I'm slowly working through Srednicki's QFT book and I had a question about section 3 (canonical quantization of scalar fields). At one point, he shows that the creation and annihilation operators $a(\mathbf{k})$ and $a(\mathbf{k}')$ are time-independent via the equation:
$$a(\mathbf{k}) =i\int{d^3x e^{-ikx}[i\partial_0 \varphi(x) +\omega\varphi(x)]}$$
I thought that was kind of odd given that the theory was supposed to be relativistic and one should expect to see time and space treated in an equal way. In one sense, we have the $e^{ikx}$ factor, where $kx$ is the dot product of the position and momentum four-vectors, so this part is at least nominally time dependent (except maybe it's constant, since it's a dot product?). On the other hand, tracking down where $a(\mathbf{k})$ came from in the first place, we have the solution to the KG equation, which Srednicki gives as the sum of plane waves weighted with arbitrary functions of the wave vector:
$$\varphi(\mathbf{x},t) =\int{ \frac{d^3k}{f(k)} [a(\mathbf{k})+b(\mathbf{k})]e^{i\mathbf{k} \cdot \mathbf{x}-i\omega t}}$$
My question is this: since the Klein Gordon equation is symmetric in time and space, why aren't the $a(\mathbf{k})$'s functions of frequency as well? e.g., why don't we have:
$$\varphi(\mathbf{x},t) =\int{ \frac{d^4k}{f(k)} [a(\mathbf{k},\omega)+b(\mathbf{k},\omega)] e^{i\mathbf{k} \cdot \mathbf{x}-i\omega t}}$$
Does this have something to do with the on shell condition? Srednicki mentions it briefly in this section but doesn't elucidate why it's important. Thanks for any help you can give!

2. Mar 3, 2017

### TeethWhitener

...or I could just plug the general solution into the KG equation and see that $\omega$ and $\mathbf{k}$ have to be related by $m$... I feel kind of dumb now

3. Mar 7, 2017

### Demystifier

The non-covariant equations you have written above can also be written in forms which look more covariant. For instance, (3.16) in Srednicki is derived from an invariant expression with $\delta(k^2+m^2)$, which expresses the mass shell condition. But non-covariant forms are used because they are more practical for actual calculations.

4. Mar 7, 2017

### Ddddx

The canonical formalism is not manifestly relativistically covariant. This is because in the canonical formalism you have X and P at a particular time t.

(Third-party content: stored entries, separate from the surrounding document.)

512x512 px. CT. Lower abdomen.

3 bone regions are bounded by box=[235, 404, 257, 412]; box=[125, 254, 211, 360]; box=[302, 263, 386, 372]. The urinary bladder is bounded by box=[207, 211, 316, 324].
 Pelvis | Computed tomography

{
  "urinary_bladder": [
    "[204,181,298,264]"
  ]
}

So you have equal time commutation relations, rather than commutation relations for two arbitrary spacetime points.

There is a way to make the canonical formalism covariant, where the phase space is not the set of X and P at a time t but the space of solutions of the equations of motion.

You sometimes see the fact mentioned that the equal time commutation relation is equivalent to the general spacetime points commutator [φ(x), φ(y)] = iΔ(x, y).

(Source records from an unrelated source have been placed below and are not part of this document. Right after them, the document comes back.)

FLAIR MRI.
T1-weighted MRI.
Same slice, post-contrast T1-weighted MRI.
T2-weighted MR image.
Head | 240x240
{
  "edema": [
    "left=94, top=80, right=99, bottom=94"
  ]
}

This commutator corresponds not to the poisson bracket of the usual canonical formalism but the so-called Pierls bracket of the covariant canonical formalism mentioned above where the phase space is the space of classical solutions.

5. Mar 7, 2017

### TeethWhitener

I think part of the problem is that Srednicki introduced the mass shell condition without really explaining why it was important. It seems like a necessary consequence of the Klein Gordon equation. Wikipedia said something about how virtual particles can be off shell, but I should probably just keep going through Srednicki's book and hope that he explains it eventually.

My next question was actually going to be about this equal time requirement. It didn't really make sense that we would work so hard to find solutions to the Lorentz invariant KG equation, only to throw them into a clearly non-Lorentz invariant commutator. Are you saying that equal time commutation relations are covariant, just not manifestly so?

6. Mar 7, 2017

### Demystifier

Yes, that's explained in Eq. (3.11), but perhaps not sufficiently clearly. Maybe Srednicki is not the best book for a first introduction to QFT. I would suggest you to try with Klauber:
https://www.amazon.com/Student-Friendly-Quantum-Field-Theory/dp/0984513957
It is much more pedagogic for a first book on QFT.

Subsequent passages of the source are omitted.